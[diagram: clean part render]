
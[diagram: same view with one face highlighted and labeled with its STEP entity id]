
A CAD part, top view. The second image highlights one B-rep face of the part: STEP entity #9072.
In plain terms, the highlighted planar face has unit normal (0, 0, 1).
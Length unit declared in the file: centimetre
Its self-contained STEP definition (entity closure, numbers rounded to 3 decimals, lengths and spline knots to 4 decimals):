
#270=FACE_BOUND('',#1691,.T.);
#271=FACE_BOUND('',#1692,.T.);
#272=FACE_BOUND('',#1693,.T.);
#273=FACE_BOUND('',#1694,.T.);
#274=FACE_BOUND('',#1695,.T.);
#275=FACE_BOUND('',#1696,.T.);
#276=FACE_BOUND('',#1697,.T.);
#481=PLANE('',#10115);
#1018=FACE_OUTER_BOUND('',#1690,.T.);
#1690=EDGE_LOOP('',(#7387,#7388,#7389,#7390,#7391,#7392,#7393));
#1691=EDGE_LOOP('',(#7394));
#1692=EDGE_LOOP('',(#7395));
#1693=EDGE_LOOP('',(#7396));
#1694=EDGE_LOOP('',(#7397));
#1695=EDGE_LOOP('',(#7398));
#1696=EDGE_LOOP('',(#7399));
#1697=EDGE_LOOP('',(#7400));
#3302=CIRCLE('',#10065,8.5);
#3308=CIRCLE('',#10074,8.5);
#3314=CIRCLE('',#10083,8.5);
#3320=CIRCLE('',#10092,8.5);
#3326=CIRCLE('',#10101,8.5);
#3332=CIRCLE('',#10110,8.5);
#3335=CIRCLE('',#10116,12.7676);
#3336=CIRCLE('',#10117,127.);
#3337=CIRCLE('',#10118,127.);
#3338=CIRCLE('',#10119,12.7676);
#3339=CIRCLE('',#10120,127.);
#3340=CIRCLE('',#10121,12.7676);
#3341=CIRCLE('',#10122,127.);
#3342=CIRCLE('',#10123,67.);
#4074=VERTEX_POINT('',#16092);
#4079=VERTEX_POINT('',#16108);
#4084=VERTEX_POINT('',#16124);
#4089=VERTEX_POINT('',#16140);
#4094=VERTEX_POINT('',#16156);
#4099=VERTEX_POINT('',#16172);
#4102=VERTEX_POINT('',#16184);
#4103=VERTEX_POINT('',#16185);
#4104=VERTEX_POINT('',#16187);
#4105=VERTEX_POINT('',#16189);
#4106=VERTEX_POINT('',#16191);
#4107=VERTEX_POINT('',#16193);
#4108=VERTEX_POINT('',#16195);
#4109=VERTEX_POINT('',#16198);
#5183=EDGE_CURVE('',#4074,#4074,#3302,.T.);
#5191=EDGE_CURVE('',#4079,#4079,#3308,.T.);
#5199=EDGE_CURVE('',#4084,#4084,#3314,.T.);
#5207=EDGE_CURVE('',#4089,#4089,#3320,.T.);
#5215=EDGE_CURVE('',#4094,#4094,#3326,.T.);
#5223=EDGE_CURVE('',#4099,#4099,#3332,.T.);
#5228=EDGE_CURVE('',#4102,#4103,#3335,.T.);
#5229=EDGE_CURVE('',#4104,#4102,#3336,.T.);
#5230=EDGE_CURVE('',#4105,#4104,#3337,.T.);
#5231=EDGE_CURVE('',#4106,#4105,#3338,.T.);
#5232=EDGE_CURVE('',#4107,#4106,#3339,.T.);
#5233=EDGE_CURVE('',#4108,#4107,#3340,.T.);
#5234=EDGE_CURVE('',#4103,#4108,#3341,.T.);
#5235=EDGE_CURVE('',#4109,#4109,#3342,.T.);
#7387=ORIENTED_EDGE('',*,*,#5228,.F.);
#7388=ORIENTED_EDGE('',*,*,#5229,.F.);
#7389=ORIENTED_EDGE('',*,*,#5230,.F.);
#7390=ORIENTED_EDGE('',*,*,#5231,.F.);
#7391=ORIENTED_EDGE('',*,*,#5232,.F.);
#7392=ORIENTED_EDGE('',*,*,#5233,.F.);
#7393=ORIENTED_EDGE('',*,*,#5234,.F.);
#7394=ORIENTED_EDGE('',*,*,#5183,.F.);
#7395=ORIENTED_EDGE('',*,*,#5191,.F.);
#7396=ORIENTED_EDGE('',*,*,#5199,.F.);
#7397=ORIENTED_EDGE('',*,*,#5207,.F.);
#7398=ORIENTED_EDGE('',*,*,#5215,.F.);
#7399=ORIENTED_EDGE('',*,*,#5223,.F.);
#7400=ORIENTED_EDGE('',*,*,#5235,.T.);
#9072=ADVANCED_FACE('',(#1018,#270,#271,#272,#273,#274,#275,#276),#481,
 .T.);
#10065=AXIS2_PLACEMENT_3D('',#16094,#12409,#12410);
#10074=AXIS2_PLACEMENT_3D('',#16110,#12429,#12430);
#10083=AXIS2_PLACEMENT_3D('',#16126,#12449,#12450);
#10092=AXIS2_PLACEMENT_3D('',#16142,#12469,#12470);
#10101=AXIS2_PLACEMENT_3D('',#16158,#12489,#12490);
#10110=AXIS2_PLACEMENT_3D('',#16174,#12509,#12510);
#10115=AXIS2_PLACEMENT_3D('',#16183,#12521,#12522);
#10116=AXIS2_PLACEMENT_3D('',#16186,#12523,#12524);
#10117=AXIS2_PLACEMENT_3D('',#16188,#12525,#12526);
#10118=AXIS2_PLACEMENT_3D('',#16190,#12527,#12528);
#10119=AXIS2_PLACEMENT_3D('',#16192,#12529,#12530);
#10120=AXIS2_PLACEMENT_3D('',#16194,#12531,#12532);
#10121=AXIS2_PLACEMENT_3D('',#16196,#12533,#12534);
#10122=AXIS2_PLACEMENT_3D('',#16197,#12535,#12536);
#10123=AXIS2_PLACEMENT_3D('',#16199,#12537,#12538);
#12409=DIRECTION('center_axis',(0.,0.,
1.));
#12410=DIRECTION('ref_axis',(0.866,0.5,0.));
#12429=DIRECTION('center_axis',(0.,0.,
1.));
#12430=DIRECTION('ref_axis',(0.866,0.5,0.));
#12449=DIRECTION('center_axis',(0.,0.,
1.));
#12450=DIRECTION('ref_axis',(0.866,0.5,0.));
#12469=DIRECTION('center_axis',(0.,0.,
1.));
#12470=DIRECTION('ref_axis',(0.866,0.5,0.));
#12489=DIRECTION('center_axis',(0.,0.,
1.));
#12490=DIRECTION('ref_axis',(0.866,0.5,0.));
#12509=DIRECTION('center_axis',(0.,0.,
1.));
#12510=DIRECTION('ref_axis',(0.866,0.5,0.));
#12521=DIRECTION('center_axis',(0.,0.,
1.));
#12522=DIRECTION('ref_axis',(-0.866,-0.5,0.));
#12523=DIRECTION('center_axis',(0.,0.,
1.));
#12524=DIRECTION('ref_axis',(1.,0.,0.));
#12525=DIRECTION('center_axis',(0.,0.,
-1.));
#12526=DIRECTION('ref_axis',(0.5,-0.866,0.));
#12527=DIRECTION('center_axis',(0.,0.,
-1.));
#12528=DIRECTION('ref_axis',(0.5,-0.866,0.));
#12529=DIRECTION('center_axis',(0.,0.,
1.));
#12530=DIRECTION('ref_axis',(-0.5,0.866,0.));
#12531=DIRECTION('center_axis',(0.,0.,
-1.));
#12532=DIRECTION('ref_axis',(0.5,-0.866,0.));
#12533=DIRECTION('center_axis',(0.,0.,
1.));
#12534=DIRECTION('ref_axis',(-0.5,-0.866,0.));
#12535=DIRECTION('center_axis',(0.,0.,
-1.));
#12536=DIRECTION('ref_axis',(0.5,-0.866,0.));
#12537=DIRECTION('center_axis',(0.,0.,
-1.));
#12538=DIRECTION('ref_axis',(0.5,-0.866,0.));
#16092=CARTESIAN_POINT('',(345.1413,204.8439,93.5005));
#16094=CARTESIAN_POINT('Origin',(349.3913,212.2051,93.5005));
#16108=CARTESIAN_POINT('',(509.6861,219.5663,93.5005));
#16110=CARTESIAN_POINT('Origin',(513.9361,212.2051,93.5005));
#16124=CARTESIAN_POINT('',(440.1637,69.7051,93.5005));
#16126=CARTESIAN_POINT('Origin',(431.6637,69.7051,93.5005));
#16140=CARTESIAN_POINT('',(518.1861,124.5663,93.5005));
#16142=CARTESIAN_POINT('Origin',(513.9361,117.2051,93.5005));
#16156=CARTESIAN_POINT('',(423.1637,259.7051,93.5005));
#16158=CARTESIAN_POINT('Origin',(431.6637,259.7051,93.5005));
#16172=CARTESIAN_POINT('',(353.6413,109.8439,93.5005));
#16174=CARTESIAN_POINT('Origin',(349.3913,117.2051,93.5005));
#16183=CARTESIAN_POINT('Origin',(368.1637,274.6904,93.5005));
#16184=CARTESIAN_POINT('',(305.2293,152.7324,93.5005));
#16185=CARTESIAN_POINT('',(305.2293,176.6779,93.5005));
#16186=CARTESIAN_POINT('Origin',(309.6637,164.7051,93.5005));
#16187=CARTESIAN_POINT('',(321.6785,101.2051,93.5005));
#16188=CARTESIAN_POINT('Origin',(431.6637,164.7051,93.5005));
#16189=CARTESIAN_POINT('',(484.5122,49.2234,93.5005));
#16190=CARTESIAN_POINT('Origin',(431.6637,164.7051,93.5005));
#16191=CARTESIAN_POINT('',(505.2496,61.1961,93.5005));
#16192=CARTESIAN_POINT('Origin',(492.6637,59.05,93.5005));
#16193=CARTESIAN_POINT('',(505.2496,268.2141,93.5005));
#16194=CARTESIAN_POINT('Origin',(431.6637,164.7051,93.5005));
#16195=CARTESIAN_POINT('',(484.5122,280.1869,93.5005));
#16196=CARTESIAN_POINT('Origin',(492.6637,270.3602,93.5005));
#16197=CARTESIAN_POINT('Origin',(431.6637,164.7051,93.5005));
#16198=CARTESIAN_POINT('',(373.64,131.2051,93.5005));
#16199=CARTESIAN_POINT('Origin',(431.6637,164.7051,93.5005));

——————

• **Work task**
Each line above where the word "STEP" occurs should be returned in full.

• **Your solution**
[diagram: same view with one face highlighted and labeled with its STEP entity id]
A CAD part, top view. The second image highlights one B-rep face of the part: STEP entity #9072.
Its self-contained STEP definition (entity closure, numbers rounded to 3 decimals, lengths and spline knots to 4 decimals):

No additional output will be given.